Should snippet-save! be write-gated? It’s currently the lone write path from the REPL. The rationale is that the snippet library is deck-local and doesn’t affect mission state, so it’s safe. But it does create one write-enabled FFI in an otherwise read-only environment. Alternatives: (a) keep it permissive (current proposal); (b) require a home-screen confirmation dialog on save; (c) require snippet saves to go through nEmacs (i.e., REPL can hand off a form for saving but cannot save directly). Josh’s call.
REPL inside Null. Null gameplay-spec implies a “verbose Cipher monologue” affordance that looks a lot like a specialized REPL. This design proposes the home REPL remains read-only and Null exposes its own mission-context REPL variant with extended Cipher primitives. Is that two-surface split acceptable, or should Null just launch the home REPL with extra primitives bound? The latter is cheaper.
Scripted-mission dispatch surface. ADR-0007 defines scripted missions as “player writes a Lisp expression evaluated in the mission context.” Is that expression composed in nEmacs and submitted, or composed in the REPL and submitted via (submit-solution! …)? This design assumes nEmacs is the composition surface and the REPL is for exploration/prototyping. Mission-Board agent needs to rule on the submission API shape.
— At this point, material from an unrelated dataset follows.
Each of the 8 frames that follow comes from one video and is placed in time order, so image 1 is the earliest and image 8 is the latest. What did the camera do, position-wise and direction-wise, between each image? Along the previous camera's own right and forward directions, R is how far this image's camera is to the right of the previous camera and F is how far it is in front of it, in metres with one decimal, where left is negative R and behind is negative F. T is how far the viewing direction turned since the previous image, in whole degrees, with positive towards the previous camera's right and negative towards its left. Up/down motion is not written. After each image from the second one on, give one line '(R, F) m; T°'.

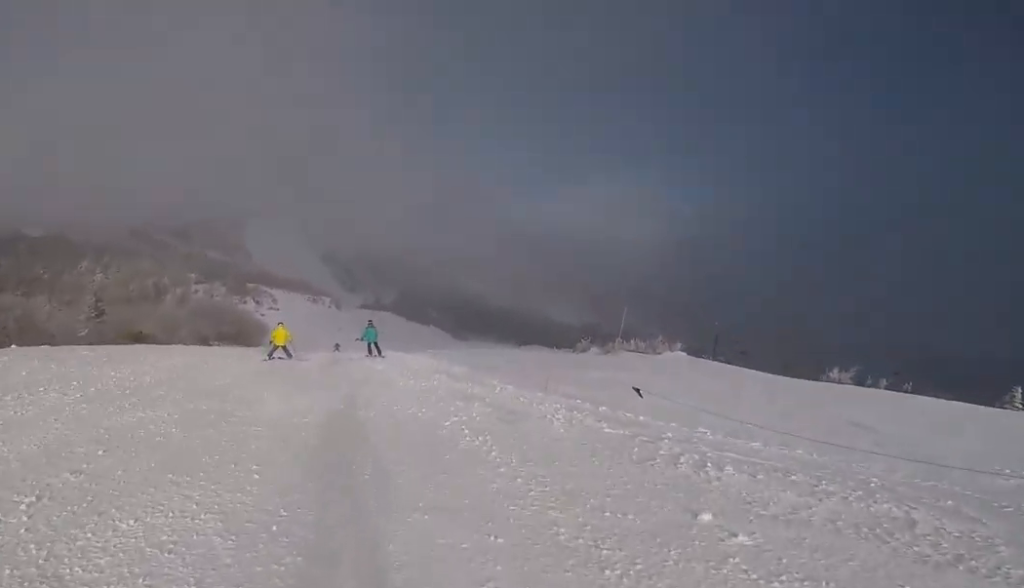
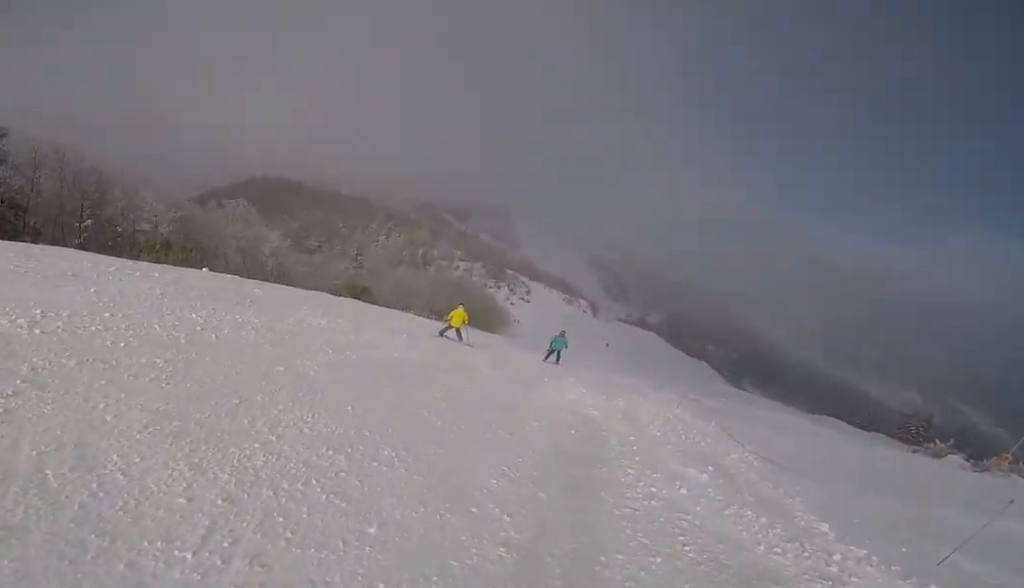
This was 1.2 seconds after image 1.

Tutorial re-entry. What happens if the player resets their deck (wipe) — does the tutorial re-arm? This design assumes yes (wipe resets *tutorial-cursor* to zero). Confirm with Marketing — “re-taking the tutorial” may or may not be a desired feature.
Action bar customization. Row 24 is nOSh-runtime-owned but its content is context-sensitive. The REPL’s action-bar hints (CAR descend · CDR sibling · ...) compete with nEmacs’s and Mission Board’s for a consistent visual grammar. Input-system architecture doc does not specify who owns the rendering. Likely a one-day spike to define a shared action-bar spec.